If only some deceased priest had been accused of sexual improprieties in 1953 ... then Catholics would be seen as newsworthy. These "news" operations can't argue these are more important stories than the loss of religious freedom in America.
The print press isn't much better. For the Washington Post, there was a little one-column story buried on page A6. That fish wrap known as USA Today had a really tiny headline and 128-word item at the very bottom of A2. The New York Times had a perfunctory 419-word dispatch on page A17.
Two pages later, the Times defined as "news" what it prefers to report on Catholics: "2 Philadelphia Priests Punished in Sexual Abuse Cases." The paper noted one priest has been suspended from ministry for two years and the other had been placed on leave in December based on abuse that occurred about 40 years ago. This wasn't really "news" as a current matter, but this is always and everywhere the bigoted narrative the Times prefers to perpetuate.

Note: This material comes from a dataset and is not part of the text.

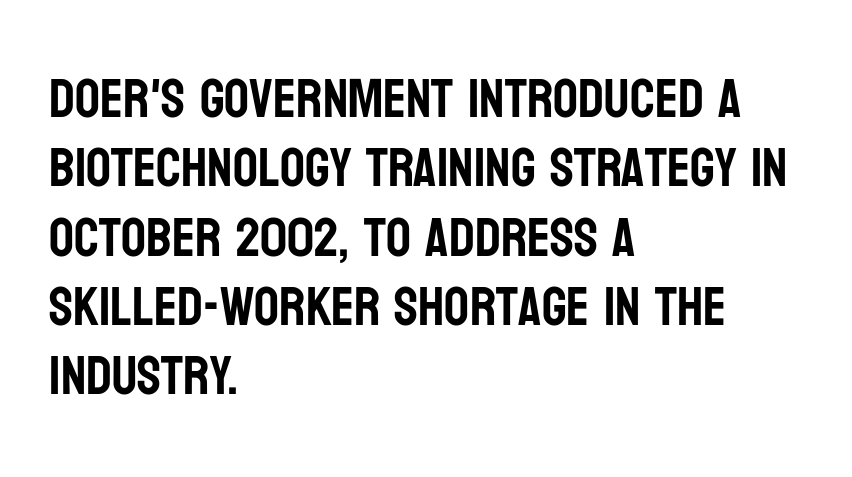
In terms of posture, this sample is upright. The face used here is proportionally spaced, like ordinary book or web type. A typesetter would label this face a sans. Which margin do the lines hug? The left one — the right edge is uneven. The tracking reads as untouched default to a designer's eye.

Cardinal Timothy Dolan of New York, the head of the U.S. Conference of Catholic Bishops used the word "horror" to describe what Team Obama is mandating. On the only broadcast show to give him coverage, CBS "This Morning" anchor Charlie Rose asked Dolan if the White House misled him on this issue. Dolan began by saying he hesitated to question the president's sincerity — even though anyone who heard Obama's 2009 commencement speech at Notre Dame about "honoring the conscience" of his opponents on abortion has proven he is completely insincere.
The cardinal said, "I worry, Charlie, that members of his administration might not particularly understand our horror at the restrictive nature of this exemption that they're giving us, that for the first time that we can remember, a bureau of the federal government seems to be radically intruding into the internal definition of what a church is. We can't seem to get that across."
He's not finding much help getting anything across from those supposed "mediators" of the national press corps.